» **Recorded data**:
*** Begin section ***

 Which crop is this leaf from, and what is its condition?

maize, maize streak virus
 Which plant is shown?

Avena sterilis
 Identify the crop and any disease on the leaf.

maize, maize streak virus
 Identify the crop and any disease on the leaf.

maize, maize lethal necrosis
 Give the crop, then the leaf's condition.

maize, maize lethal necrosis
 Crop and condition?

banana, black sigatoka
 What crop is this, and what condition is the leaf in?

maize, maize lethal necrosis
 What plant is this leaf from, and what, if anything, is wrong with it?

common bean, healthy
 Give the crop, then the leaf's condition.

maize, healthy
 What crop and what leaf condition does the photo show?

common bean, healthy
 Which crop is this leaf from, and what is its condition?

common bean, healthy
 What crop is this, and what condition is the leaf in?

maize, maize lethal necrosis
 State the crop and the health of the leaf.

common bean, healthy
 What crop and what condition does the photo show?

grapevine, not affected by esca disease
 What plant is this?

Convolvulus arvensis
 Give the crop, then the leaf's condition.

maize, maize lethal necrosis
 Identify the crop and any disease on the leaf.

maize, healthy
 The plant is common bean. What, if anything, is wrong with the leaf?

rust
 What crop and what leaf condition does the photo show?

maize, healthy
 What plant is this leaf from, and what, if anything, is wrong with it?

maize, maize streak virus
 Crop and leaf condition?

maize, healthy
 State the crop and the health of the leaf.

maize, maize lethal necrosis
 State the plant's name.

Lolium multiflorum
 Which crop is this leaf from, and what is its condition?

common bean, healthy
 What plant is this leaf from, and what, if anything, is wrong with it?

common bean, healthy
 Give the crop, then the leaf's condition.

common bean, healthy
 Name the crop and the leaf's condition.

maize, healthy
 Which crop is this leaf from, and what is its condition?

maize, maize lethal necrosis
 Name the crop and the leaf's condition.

*** End section ***

» **What this task involves**:
Set down every line of the listing above again, exactly as given.

» **Task response**:
 Which crop is this leaf from, and what is its condition?

maize, maize streak virus
 Which plant is shown?

Avena sterilis
 Identify the crop and any disease on the leaf.

maize, maize streak virus
 Identify the crop and any disease on the leaf.

maize, maize lethal necrosis
 Give the crop, then the leaf's condition.

maize, maize lethal necrosis
 Crop and condition?

banana, black sigatoka
 What crop is this, and what condition is the leaf in?

maize, maize lethal necrosis
 What plant is this leaf from, and what, if anything, is wrong with it?

common bean, healthy
 Give the crop, then the leaf's condition.

maize, healthy
 What crop and what leaf condition does the photo show?

common bean, healthy
 Which crop is this leaf from, and what is its condition?

common bean, healthy
 What crop is this, and what condition is the leaf in?

maize, maize lethal necrosis
 State the crop and the health of the leaf.

common bean, healthy
 What crop and what condition does the photo show?

grapevine, not affected by esca disease
 What plant is this?

Convolvulus arvensis
 Give the crop, then the leaf's condition.

maize, maize lethal necrosis
 Identify the crop and any disease on the leaf.

maize, healthy
 The plant is common bean. What, if anything, is wrong with the leaf?

rust
 What crop and what leaf condition does the photo show?

maize, healthy
 What plant is this leaf from, and what, if anything, is wrong with it?

maize, maize streak virus
 Crop and leaf condition?

maize, healthy
 State the crop and the health of the leaf.

maize, maize lethal necrosis
 State the plant's name.

Lolium multiflorum
 Which crop is this leaf from, and what is its condition?

common bean, healthy
 What plant is this leaf from, and what, if anything, is wrong with it?

common bean, healthy
 Give the crop, then the leaf's condition.

common bean, healthy
 Name the crop and the leaf's condition.

maize, healthy
 Which crop is this leaf from, and what is its condition?

maize, maize lethal necrosis
 Name the crop and the leaf's condition.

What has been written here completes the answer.